Alan inició su camino por los campos de césped en edad preescolar. A los 5 años miraba con fascinación los torneos de la Asociación de profesionales del Golf de los Estados Unidos (PGA) que televisaban los canales de cable. ¿Qué puede atraerle del golf a un niño de 5 años? Bueno, este niño recién convertido en adolescente vivía, además, frente a la inmensidad verde del club Estudiantes; pero no del lado “residencial”, sino del lado más humilde, en el barrio Independencia. Alan se cruzaba a las canchas con tan sólo 5 años, a soñarse Tiger Woods. Con la cabellera al estilo Carlitos Balá, ya sabía imitar el swing que veía por TV. “No le pagaba a la pelota, pero tenía un movimiento perfecto” recuerda con gracia Marcelo Miguel, su primer profesor. Miguel habla de Alan al borde de la emoción. “Es el hijo ideal” confesó admirado por el deseo del joven de ayudar a su familia. Es que el golfista de 18 años no olvida su origen. Oscar, el padre, es empleado mecánico y la madre es cobradora de una obra social. Viendo la pasión de su hijo, lo inscribieron en la escuelita de golf a los 6 años pero a partir de los 13, su juego se fue haciendo más competitivo; la exigencia y los gastos aumentaban tanto o más que su edad y sus padres no podían afrontar económicamente una carrera deportiva profesional. Al conocer la situación, dos socios que sabían de su talento decidieron ayudarlo.
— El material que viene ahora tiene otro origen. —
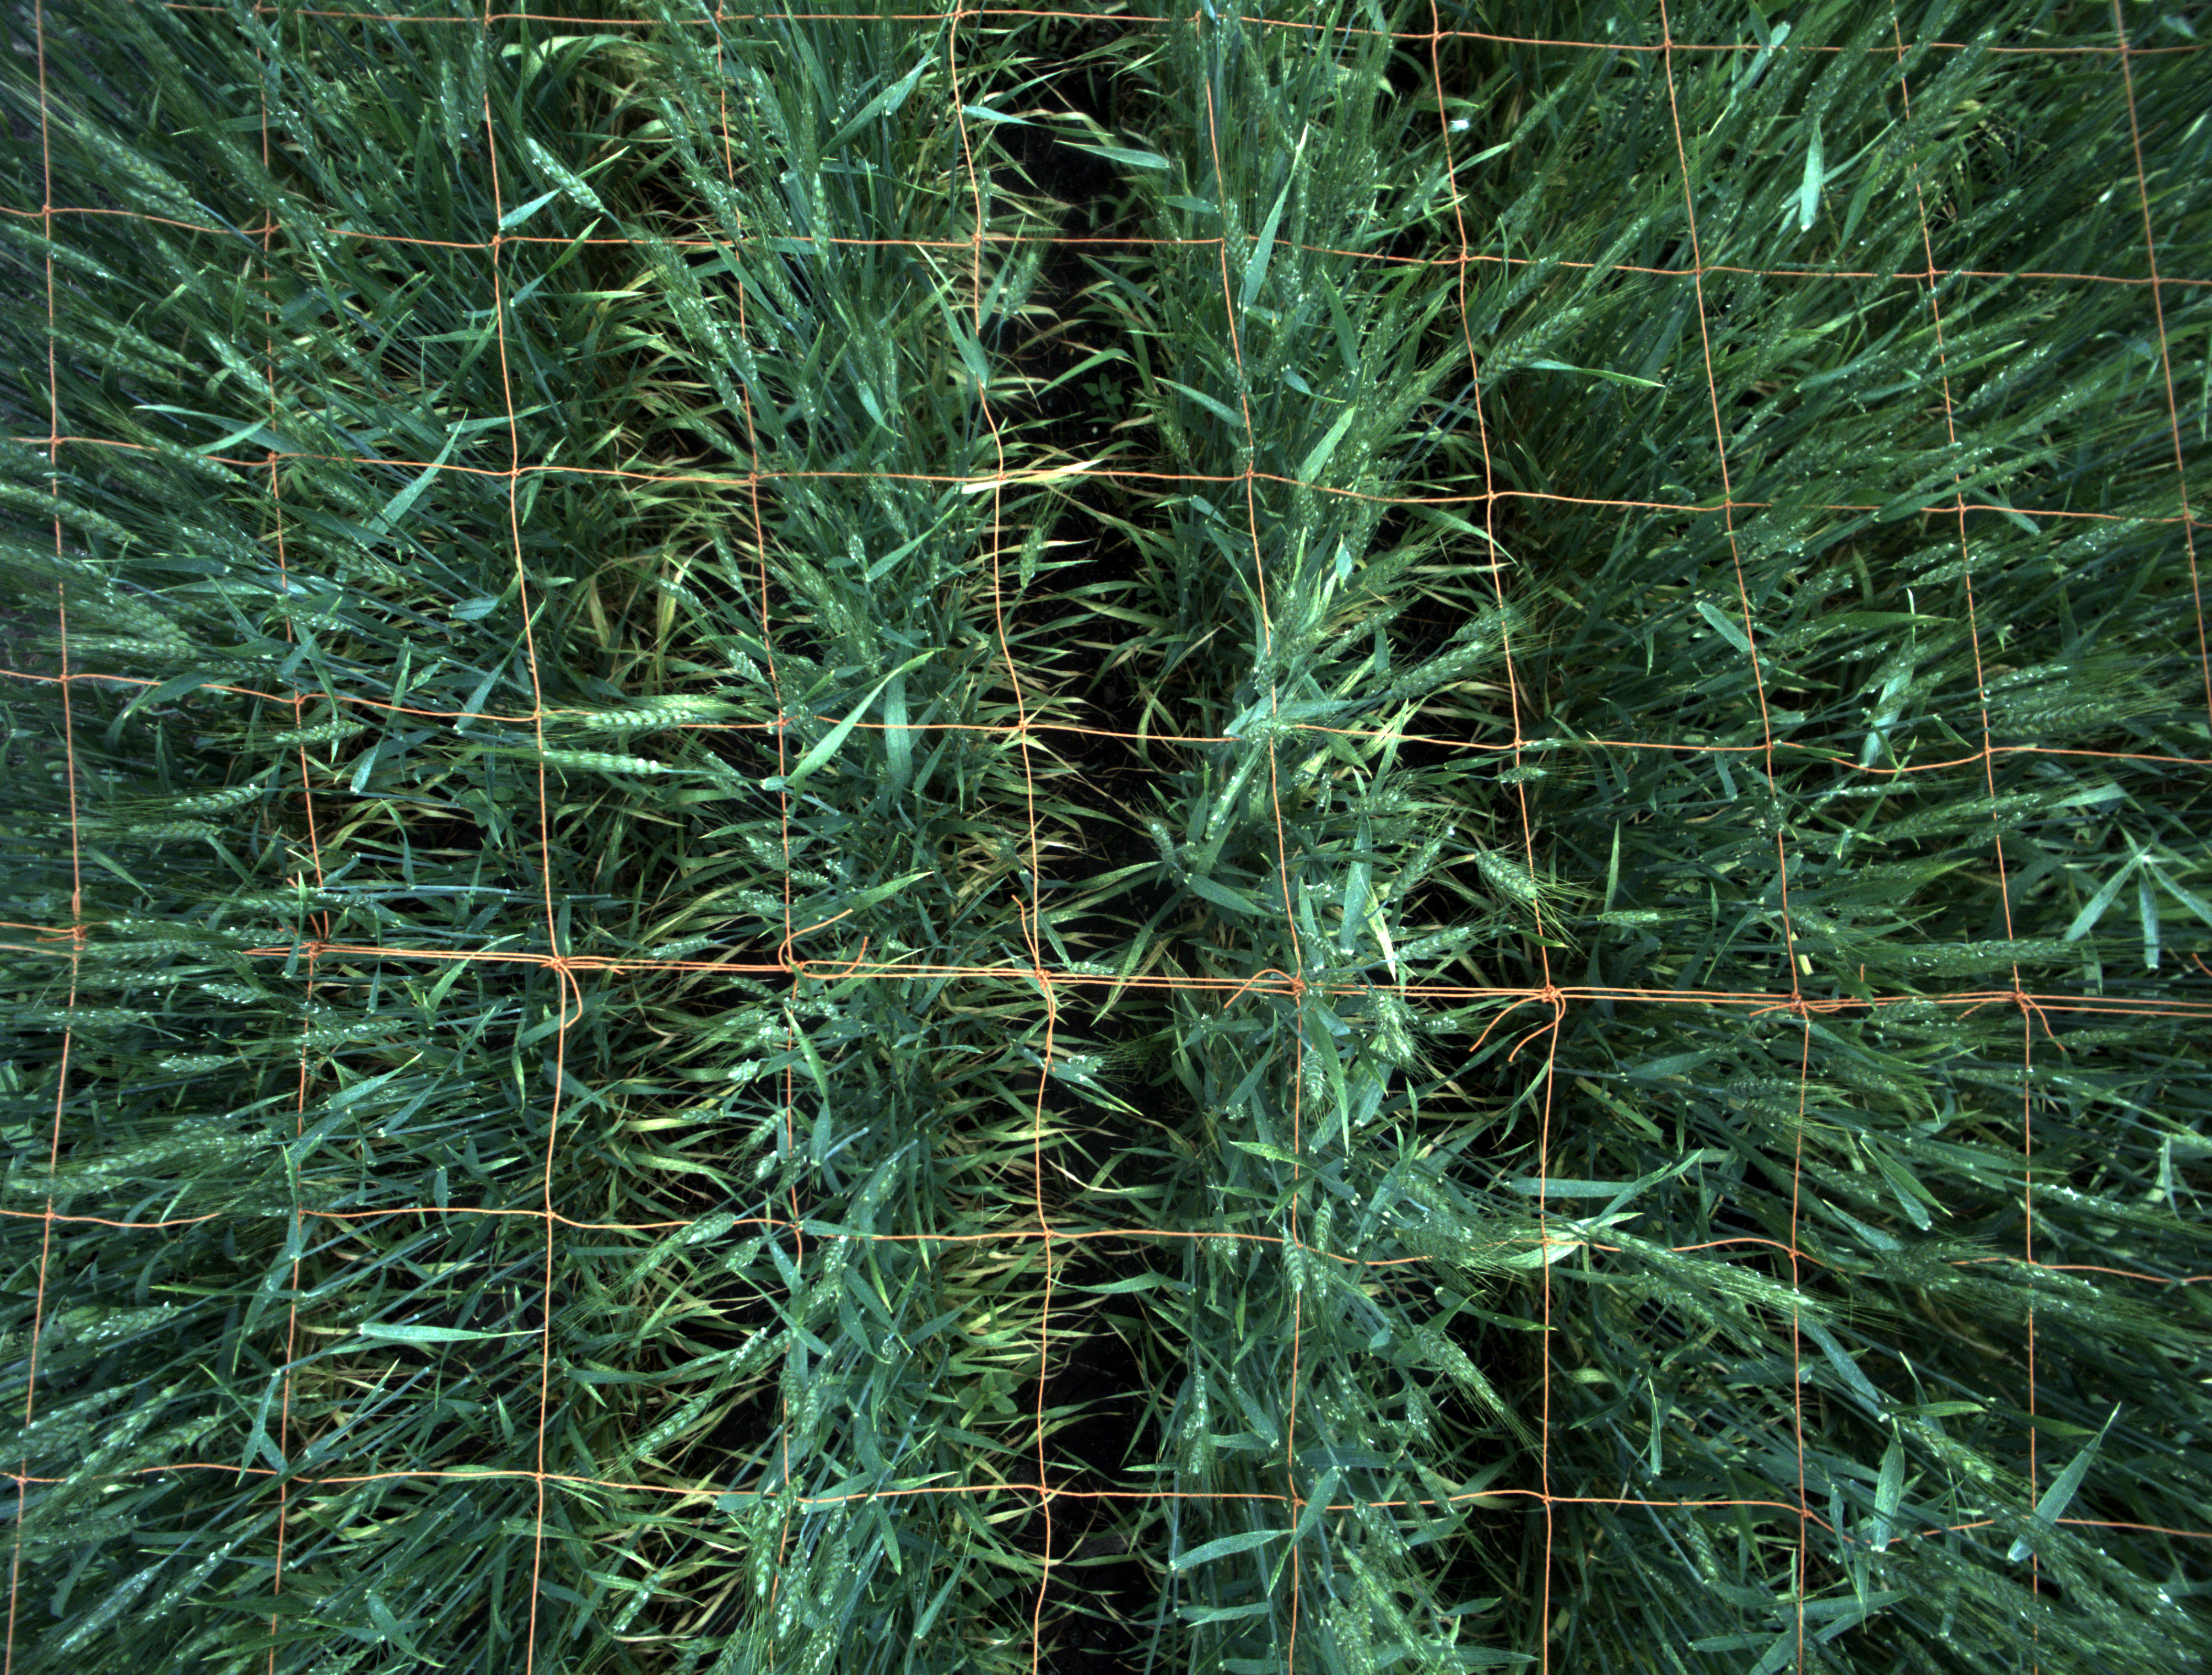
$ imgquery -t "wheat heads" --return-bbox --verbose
[1200,1012,1216,1035]
[1877,1021,1950,1044]
[763,261,801,324]
[1155,206,1178,244]
[297,1001,346,1026]
[168,1112,232,1139]
[130,822,227,843]
[1064,1051,1107,1072]
[289,1029,359,1051]
[851,340,882,392]
[723,1008,771,1028]
[282,600,348,635]
[1333,80,1356,131]
[100,587,181,634]
[201,328,277,406]
[1926,959,1997,980]
[1422,1207,1471,1242]
[1581,1221,1740,1295]
[788,655,819,676]
[1740,47,1791,112]
[247,1176,321,1202]
[1910,446,1989,495]
[1895,634,1957,677]
[1336,189,1378,243]
[1872,1548,1950,1590]
[365,136,401,179]
[1384,1225,1462,1261]
[1441,1641,1467,1675]
[0,480,129,547]
[2120,734,2158,755]
[176,596,252,615]
[0,542,106,591]
[1397,1368,1442,1420]
[728,646,769,689]
[614,1573,662,1632]
[669,286,728,356]
[229,4,274,54]
[1357,374,1371,412]
[1385,834,1445,903]
[1244,73,1275,118]
[1396,1172,1448,1216]
[748,1497,773,1603]
[1491,188,1527,230]
[1770,440,1816,476]
[702,771,748,806]
[1299,928,1335,954]
[704,357,744,416]
[1790,566,1836,615]
[1974,1259,2101,1296]
[715,176,759,211]
[702,899,747,914]
[1502,249,1562,310]
[1893,1262,1965,1296]
[525,134,606,213]
[269,720,368,748]
[285,214,326,245]
[1743,181,1771,227]
[1721,121,1760,190]
[151,62,191,103]
[883,335,900,419]
[352,219,403,259]
[1378,821,1424,843]
[736,337,760,384]
[1340,1549,1429,1666]
[680,1106,723,1123]
[1252,656,1273,697]
[1727,1075,1794,1098]
[1890,161,1932,203]
[1320,609,1402,664]
[1861,643,1928,697]
[1910,268,1963,315]
[1342,787,1403,814]
[1391,638,1488,702]
[826,1500,846,1542]
[245,1279,341,1336]
[1732,354,1771,390]
[657,580,704,608]
[1767,800,1784,838]
[1412,1320,1477,1383]
[1219,0,1244,51]
[224,925,296,952]
[1838,349,1911,392]
[193,945,251,971]
[1350,501,1368,558]
[1396,160,1443,228]
[1926,38,1986,95]
[836,54,854,114]
[774,833,817,859]
[800,705,827,738]
[684,1211,736,1244]
[40,328,189,386]
[2158,671,2196,701]
[1823,1054,1895,1091]
[1968,1279,2093,1326]
[90,937,186,970]
[1942,1635,1999,1674]
[2010,377,2102,439]
[1358,69,1380,127]
[1980,680,2068,710]
[847,534,868,566]
[1295,170,1313,219]
[1157,421,1192,458]
[232,897,310,917]
[2058,1529,2194,1634]
[1342,1383,1369,1420]
[1364,668,1394,699]
[725,1062,764,1086]
[943,696,965,716]
[753,318,783,353]
[344,1017,408,1038]
[2127,616,2178,644]
[1896,541,1959,568]
[1230,451,1257,479]
[1860,241,1908,306]
[330,338,388,390]
[1371,372,1400,412]
[294,203,326,227]
[685,417,741,458]
[1898,1632,1938,1674]
[646,935,718,959]
[1206,769,1247,838]
[657,100,695,170]
[754,1150,779,1188]
[756,1023,792,1042]
[1878,1239,1966,1263]
[1477,306,1584,379]
[1871,793,2041,840]
[826,603,844,636]
[224,278,281,313]
[711,534,744,587]
[731,1325,767,1372]
[1894,1414,1993,1480]
[303,477,377,521]
[194,506,258,554]
[824,1237,844,1275]
[1869,195,1921,243]
[82,635,195,662]
[1840,644,1889,663]
[2031,1180,2128,1221]
[1912,551,1999,588]
[20,1420,93,1465]
[1891,441,1961,488]
[1734,511,1770,553]
[169,784,263,818]
[849,221,866,270]
[1871,398,1923,437]
[1282,587,1300,643]
[1953,1142,2023,1162]
[1954,185,2019,240]
[1935,312,2023,354]
[21,1512,141,1549]
[1760,78,1790,120]
[308,1650,363,1673]
[743,1112,785,1151]
[696,174,742,236]
[242,49,276,83]
[728,975,775,999]
[880,15,898,85]
[91,314,196,372]
[1965,1491,2047,1553]
[1181,845,1192,868]
[2,435,51,468]
[1949,444,2054,494]
[1149,820,1178,868]
[211,140,280,208]
[1474,849,1539,902]
[272,100,314,145]
[871,637,882,658]
[1962,809,2022,851]
[1835,1274,1888,1310]
[742,833,783,871]
[1597,907,1661,929]
[776,683,800,701]
[294,58,341,107]
[1744,1099,1804,1130]
[1374,102,1407,152]
[1316,196,1342,234]
[71,118,187,201]
[1988,703,2114,735]
[115,1413,228,1478]
[1357,544,1427,595]
[105,917,204,943]
[860,313,881,366]
[795,383,820,424]
[1224,353,1251,398]
[1916,938,2062,959]
[912,311,928,364]
[881,767,901,793]
[0,219,111,279]
[88,967,183,994]
[262,1190,342,1211]
[225,1131,275,1163]
[703,750,752,789]
[1325,1600,1370,1670]
[573,705,724,727]
[437,63,463,158]
[1510,80,1568,143]
[73,600,153,637]
[1505,177,1545,246]
[144,0,191,34]
[1749,517,1811,564]
[1956,1067,2024,1084]
[1799,1161,1878,1204]
[1761,1387,1813,1433]
[1182,1363,1205,1444]
[885,937,913,952]
[1193,34,1211,120]
[777,1352,799,1420]
[1887,22,1940,85]
[880,494,913,542]
[1835,439,1892,471]
[1686,1519,1719,1580]
[1273,629,1330,661]
[859,640,880,676]
[1523,738,1562,755]
[2060,1026,2129,1050]
[125,466,197,509]
[1405,1386,1431,1437]
[675,62,713,150]
[1220,1220,1240,1258]
[1327,437,1371,481]
[766,1474,804,1535]
[726,1233,764,1269]
[1799,34,1869,138]
[1305,272,1325,313]
[138,1540,237,1624]
[1745,396,1780,428]
[1251,332,1285,377]
[194,659,278,684]
[734,889,784,915]
[1166,2,1188,82]
[1302,1050,1327,1103]
[875,1164,899,1200]
[1292,479,1320,540]
[1850,862,1914,881]
[771,1539,808,1638]
[778,1164,802,1191]
[796,1616,845,1675]
[47,1007,149,1031]
[802,1383,822,1436]
[1637,1561,1676,1598]
[1237,718,1297,745]
[1789,909,1837,936]
[996,832,1014,849]
[1752,312,1793,359]
[429,1102,467,1119]
[647,233,704,297]
[791,870,833,892]
[1827,903,1896,918]
[211,27,256,85]
[1224,206,1250,278]
[840,604,858,633]
[1956,343,2051,411]
[928,549,943,592]
[802,488,830,521]
[1982,663,2067,691]
[1277,1226,1305,1293]
[1358,310,1399,369]
[1793,777,1846,827]
[122,181,218,228]
[1845,780,1916,800]
[1916,824,1955,835]
[798,562,840,613]
[1067,960,1120,975]
[1188,1430,1207,1473]
[20,1385,135,1426]
[1898,1530,2094,1655]
[172,1625,233,1666]
[1018,525,1043,591]
[1300,882,1331,898]
[368,1088,401,1102]
[75,1135,227,1181]
[1453,608,1511,645]
[61,1556,166,1653]
[304,529,413,592]
[1913,1144,1956,1162]
[1412,1457,1454,1515]
[1307,1257,1331,1303]
[944,443,959,480]
[41,1379,187,1518]
[825,856,850,880]
[709,1627,745,1675]
[177,527,259,568]
[195,976,268,1009]
[2050,520,2148,567]
[783,998,822,1018]
[539,749,664,779]
[71,1305,184,1344]
[671,1633,705,1675]
[1310,1392,1342,1421]
[158,1053,240,1079]
[753,67,789,154]
[998,253,1041,323]
[1493,762,1549,789]
[1373,993,1401,1031]
[1777,445,1831,486]
[1395,1474,1431,1529]
[1368,460,1405,472]
[800,99,820,182]
[1351,1496,1401,1554]
[1371,375,1430,445]
[155,239,214,306]
[1273,259,1305,312]
[630,1394,713,1462]
[118,5,184,74]
[466,42,484,134]
[219,1653,254,1675]
[658,5,729,91]
[1912,350,1969,389]
[769,567,797,596]
[1726,276,1759,323]
[1796,1636,1822,1675]
[1222,1105,1248,1124]
[1422,1017,1459,1038]
[300,890,379,906]
[804,1281,845,1314]
[1764,627,1823,651]
[1585,214,1650,290]
[976,167,993,235]
[1867,996,1937,1024]
[1633,1273,1716,1329]
[1874,91,1949,186]
[760,184,790,235]
[1865,670,1943,727]
[1278,121,1311,169]
[820,1535,848,1611]
[1390,926,1471,965]
[1425,1263,1472,1295]
[20,1179,132,1198]
[2115,1611,2193,1664]
[622,1220,700,1285]
[136,428,252,489]
[752,1324,803,1368]
[1857,1551,1947,1615]
[1833,84,1872,130]
[284,350,321,371]
[1383,1021,1416,1065]
[811,169,831,272]
[1309,1197,1333,1256]
[878,1336,901,1363]

Agradecido y obsesionado con el green, Alan dedica su vida al golf desde que tiene memoria. El joven reconoce que no hacía otra cosa: “Terminaba el colegio a la mañana y lo único en que pensaba era en irme al club a jugar. Me sentía muy cómodo en el club”. Alan contradice todos los supuestos del golf: No es robusto, no es de clase alta y es uno de los jugadores más jóvenes. Esa fascinación lo acercó al éxito y a la popularidad, pero lo alejó de la amistad que sólo entabló luego de los 11 años, con otros golfistas. Su infancia aparece borrosa y sin el golf; directamente nula.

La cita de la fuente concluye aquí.